Thursday, May 10, 2012

Lost, Found, and In Between

(Big doin's around the compound lately: Buddy, the Emergency Backup Cat, went missing for nearly three days.  We had adopted Buddy from the local animal shelter for no apparent reason.  How many cats do you need?  [answer 0]  The wife had her two ancient cats Rutger and Alex for many years, but the Boy wanted his own so in spite of all my carefully thought out reasons for not getting another cat [i.e.: "over my dead body"] Buddy became a member of the family about three years ago.
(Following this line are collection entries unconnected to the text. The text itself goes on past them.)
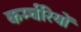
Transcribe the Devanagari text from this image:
कर्म्चरियों
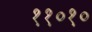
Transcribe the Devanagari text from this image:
११०१०
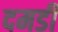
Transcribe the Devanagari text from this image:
दमडी
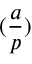
( { \frac { a } { p } } )
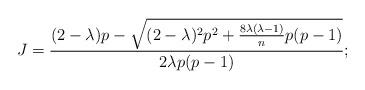
LaTeX: \begin{align*}J=\frac{(2-\lambda)p-\sqrt{(2-\lambda)^{2}p^{2}+\frac{8\lambda(\lambda-1)}{n}p(p-1)}}{2\lambda p(p-1)};\end{align*}
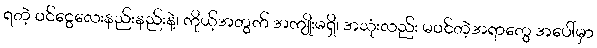
ရတဲ့ ဝင်ငွေလေးနည်းနည်းနဲ့၊ ကိုယ့်အတွက် အကျိုးမရှိ၊ အသုံးလည်း မဝင်တဲ့အရာတွေ အပေါ်မှာ
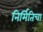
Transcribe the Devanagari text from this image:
निर्मितिचा
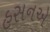
હસનએ
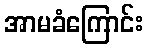
အာမခံကြောင်း
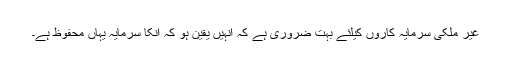
غیر ملکی سرمایہ کاروں کیلئے بہت ضروری ہے کہ انہیں یقین ہو کہ انکا سرمایہ یہاں محفوظ ہے۔
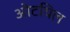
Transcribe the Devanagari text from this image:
ओटयिल
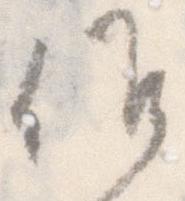
候
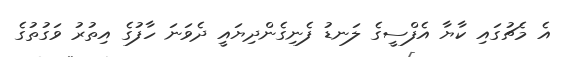
އެ މެޗުގައި ކާޔާ އެފްސީގެ ލަނޑު ފެނިގެންދިޔައީ ދެވަނަ ހާފުގެ އިތުރު ވަގުތުގެ
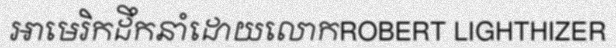
អាមេរិកដឹកនាំដោយលោកROBERT LIGHTHIZER
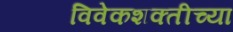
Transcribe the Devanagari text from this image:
विवेकशक्तीच्या
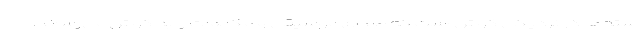
سته‌ها در نزدیکی گوش است که صدای موسیقی و مکالمات را به گوش می‌رساند.

Now, cats normally aren't known for their intelligence.  We refer to Alex, weight 20 lbs, as "25 watt."  You know, "Dim Bulb?"  And in the case of sheer feline stupidity, Buddy doesn't disappoint.  But he always seemed to remember where he lived after being out in the backyard for several hours, so I didn't worry about him too much.  He's a young large, strong, male domestic shorthair tabby and he seems to rule the network of neighborhood cats with sheer stupid rudeness.  At the first of the week he didn't show up at the back door for his usual feeding, and for the next couple of days there was no sight of him regardless of all our efforts at calling him home.  Day and night the three of us entertained the neighborhood residences with hallelujah choruses of "heeere kitty kitty kitty buddybuddybuddy" to no avail.  Boy was very upset and getting worse, so we went back to the local animal shelter where we'd gotten him to see if someone had turned him in for the deposit [bad joke]. Nothing.  Finally last night, when I was just beginning to have hope [bad joke #2], the elderly next door neighbor called and asked "you lookin' fer Buddy?"  Seems our little feline Einstein had gotten into a storage area in the back of the neighbor's garage and was too scared to come out where they could get him.  Boy went into the garage and called for him, and Buddy practically flew into his arms.  So the idiot cat is safe and sound, has eaten over half a large bag of cat food, and slept in the Boy's bed all night last night.  Awww.  I hate cats.  But I digress ... )
  • Actually, at my age things like having a cat missing is rather comforting in a randomly usual way.  Life in the neighborhood situation is predictable - the garbage is picked up on Thursdays, the mailman gets here around 11AM, the doorbell makes the dog bark, etc.  What makes life fun and exciting are things like Michele Bachmann suddenly becoming a Swiss citizen.  Didn't see THAT one coming, did ya?
  • There's a hilarious website called "Live Funny or Die" that posts outrageous videos to lampoon life's little silly things.  In this one, Kate Beckinsale, Judy Greer and Andrea Savage "spread" the message that the one thing women really want in their vagina is the government.  Ohgawd, this is good.
  • Say what you will about President Obama (and we know that you will), he eventually gets around to trying to say the right thing.  It started with our favorite Vice-President, Joe "Shecky" Biden who actually stood up for his convictions and stated his support for equal rights for gay marriage.  And this statement apparently nudged the President into saying the same thing.  Or did it?  Common Dreams posts a report by Robert Scheer, There is enormous condescension in Obama’s assertion that “I’ve always been adamant that gay and lesbian Americans should be treated fairly and equally.”
  • Jonah Goldburg is the founding editor of the National Review Online, about as ultra conservative as one can get without being institutionalized in a mental facility.  Apparently Jonah has learned how to pad a resume' from Bill O'Reilly, who once famously listed his two non-existant "Peabody Awards" on a book blurb.  Goldburg says he's been "nominated twice for a Pulitzer Award."  Yeah, and so have I.  MSNBC investigative reporter Bill Dedman reports.
  • And finally, let's check in with the Romney campaign.  As we left the Mittstir he was stating quite concisely in a New York Times editorial that we should let "Let Detroit Go Bankrupt." Okay.  Well, fortunately, President Obama didn't do that, he bailed them out, and now the auto industry is fired up and working well.  But guess who's taking credit for the whole thing?  Yeah, guess.

1 comment:

Montag said...

Mr. Goldberg actually has a faulty memory, for he was nominated for the Nobel Prize in Literature, not the Pulitzer.

It is rumored that the Nobel Committee may give him some sort of lifetime achievement award one of these years.